In the following it is assumed that the carriage 56 is in the position shown in FIG. 3, in which the stamp 35 has delivered its adhesive to a temperature-dependent switch 10 . The amount of adhesive 37 removed from the doctor plate 57 is now fed into the doctor plate 57 , which is set into rotation for this purpose, as indicated at 62 . The doctor blade 58 ensures that a uniformly high layer of adhesive 37 is present in the doctor blade plate 57 .

The carriage 56 is now moved to the left in FIG. 3, so that the stamp 35 comes to rest on the doctor plate 57 , the rotation of which is now ended so that it stops.
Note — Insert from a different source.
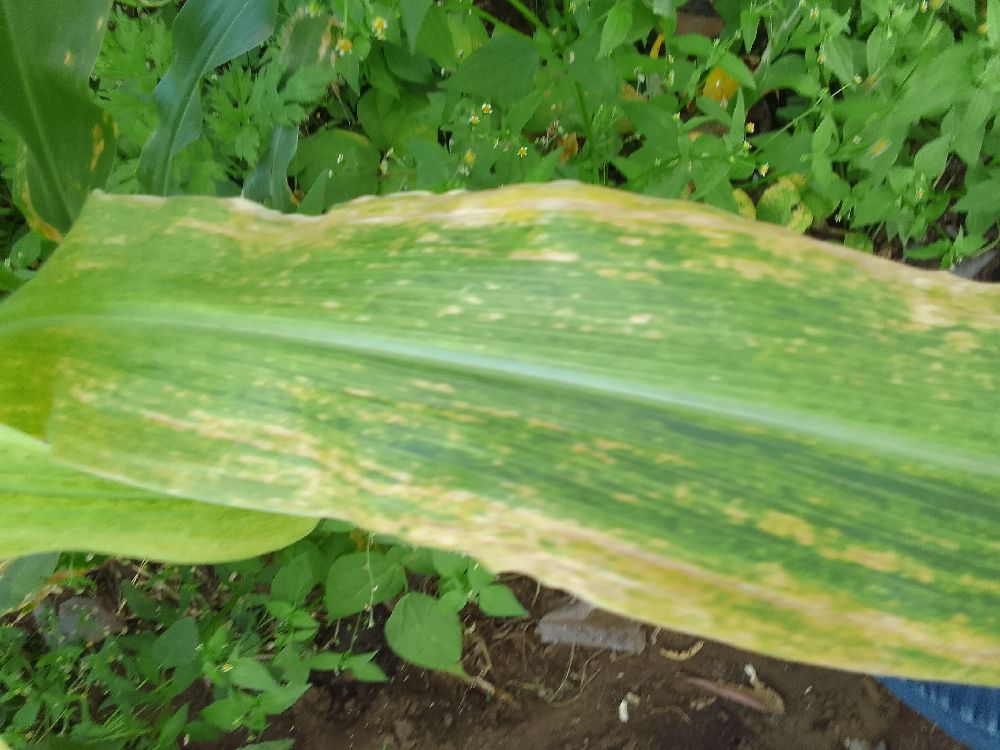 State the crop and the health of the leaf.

The stamp 35 is now immersed in the adhesive 37 and again, with its end face 36 removing a defined amount of adhesive 37 . Thereupon the carriage 56 in FIG. 3 moves to the right, so that the stamp 35 assumes the position shown in FIG. 2 via a temperature-dependent switch 10 . Now the stamp 35 is moved towards the switch 10 so that the adhesive 37 comes into contact with the preheated switch 10 . The adhesive flows supported by the pumping movement caused by the elasticity of the stamp 35 into the seam where it remains even when the stamp 35 is withdrawn.

By clocking the tape 52 along the arrow 53 , the switch 10 thus printed with the adhesive 37 reaches the heating station 59 , where the adhesive 37 is cured in a defined manner.
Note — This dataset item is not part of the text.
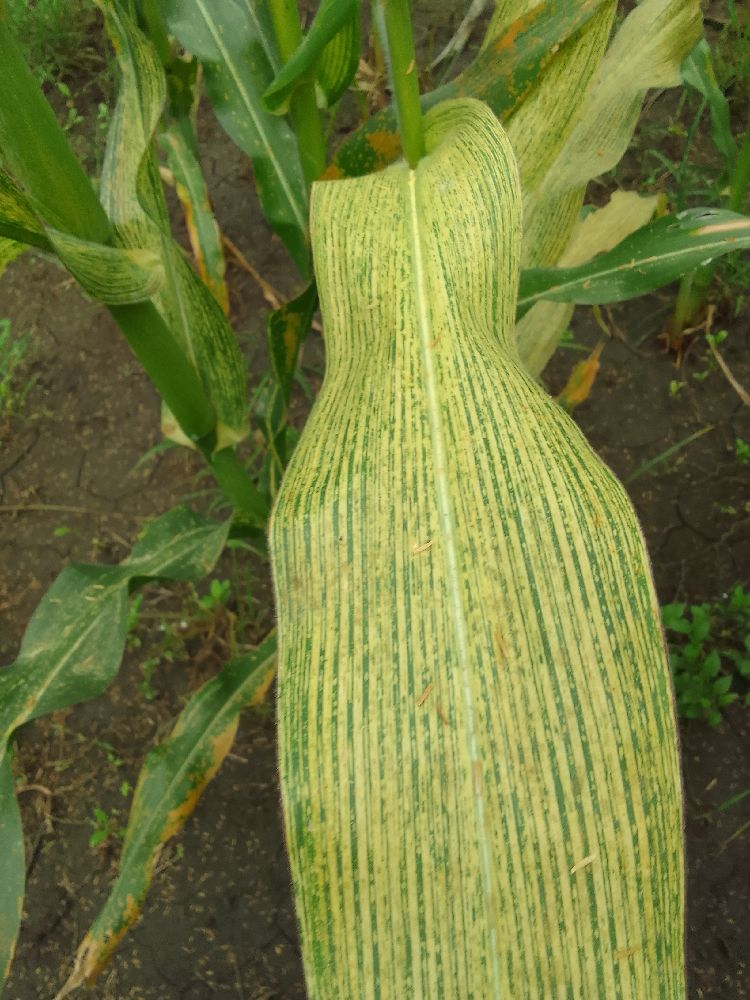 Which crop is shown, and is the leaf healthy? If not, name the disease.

maize, maize streak virus

Then the temperature-dependent switch 10 is finished as a semi-finished product, it can now either be provided with supply lines in a next step, or stored or sold to processing companies.

Claims (11)

1. A method for producing a temperature-dependent switch ( 10 ) which has a temperature-dependent switching mechanism ( 13 ) which is accommodated in a housing ( 12 ) and which, depending on its temperature, has an electrically conductive connection between at least two on the outside of the housing ( 12 ). arranged connection electrodes ( 16 , 18 ), with the steps:

• - inserting the switching mechanism ( 13 ) into a lower part ( 14 ) of the housing ( 12 ),
• - Closing the lower part ( 14 ) with a cover part ( 17 ) to form at least one seam ( 31 ),
• - stamping a layer of adhesive (32) in the area of the seam (31) to seal the seam (31), and
• - Allowing the adhesive layer ( 32 ) to harden.

2. The method according to claim 1, characterized in that the switch ( 10 ) is heated before stamping the adhesive layer ( 32 ). 3. The method according to claim 1 or 2, characterized in that the switch ( 10 ) after the stamping of the adhesive layer ( 32 ) is heated. 4. The method according to any one of claims 1 to 3, characterized in that the adhesive layer ( 32 ) is applied with a stamp ( 35 ) which deforms elastically and preferably asymmetrically when pressed onto the switch ( 10 ). 5. The method according to claim 4, characterized in that the stamp ( 35 ) deforms such that it presses the adhesive ( 37 ) received on its end face ( 36 ) into the seam ( 31 ). 6. The method according to any one of claims 1 to 5, characterized in that the adhesive layer ( 32 ) is applied with a stamp ( 35 ) which has an end face ( 36 ) adapted in its contour to the interface ( 31 ). 7. The method according to any one of claims 4 to 6, characterized in that the stamp ( 35 ) for receiving adhesive ( 37 ) with its end face ( 36 ) is immersed in a storage container. 8. The method according to claim 7, characterized in that the storage container is a doctor plate ( 57 ) which is filled with adhesive ( 37 ) at a defined height before the plunging of the stamp ( 35 ). 9. The method according to any one of claims 1 to 8, characterized in that after the curing of the adhesive layer ( 32 ) leads with the connecting electrodes ( 16 , 18 ) are connected ver. 10. Temperature-dependent switch with a temperature-dependent switching mechanism ( 13 ) accommodated in a housing ( 12 ), which, depending on its temperature, produces an electrically conductive connection between at least two connection electrodes ( 16 , 18 ) provided on the outside of the housing ( 12 ), wherein the housing ( 12 ) has a lower part ( 14 ) and a cover part ( 17 ) which closes it to form at least one seam ( 31 ), characterized in that an adhesive layer ( 32 ) stamped on and sealing the region ( 31 ) is provided is. 11. Temperature-dependent switch according to claim 10, herge represents according to the method of any one of claims 1 to 9.